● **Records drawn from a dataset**
######

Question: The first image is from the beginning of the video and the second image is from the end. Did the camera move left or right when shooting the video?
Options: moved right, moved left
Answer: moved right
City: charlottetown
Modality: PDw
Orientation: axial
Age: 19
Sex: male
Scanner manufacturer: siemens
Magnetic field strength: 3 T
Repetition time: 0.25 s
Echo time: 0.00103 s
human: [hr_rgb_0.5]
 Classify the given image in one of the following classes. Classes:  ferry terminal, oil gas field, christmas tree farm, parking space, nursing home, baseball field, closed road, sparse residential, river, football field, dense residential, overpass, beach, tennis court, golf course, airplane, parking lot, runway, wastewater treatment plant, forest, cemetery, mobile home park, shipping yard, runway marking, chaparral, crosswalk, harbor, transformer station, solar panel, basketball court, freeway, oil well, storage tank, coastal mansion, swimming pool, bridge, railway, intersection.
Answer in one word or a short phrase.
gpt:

######

● **Task brief**
Your reply is to be the number of lines above in which the word "right" appears, and nothing else.

● **Solved exercise**
3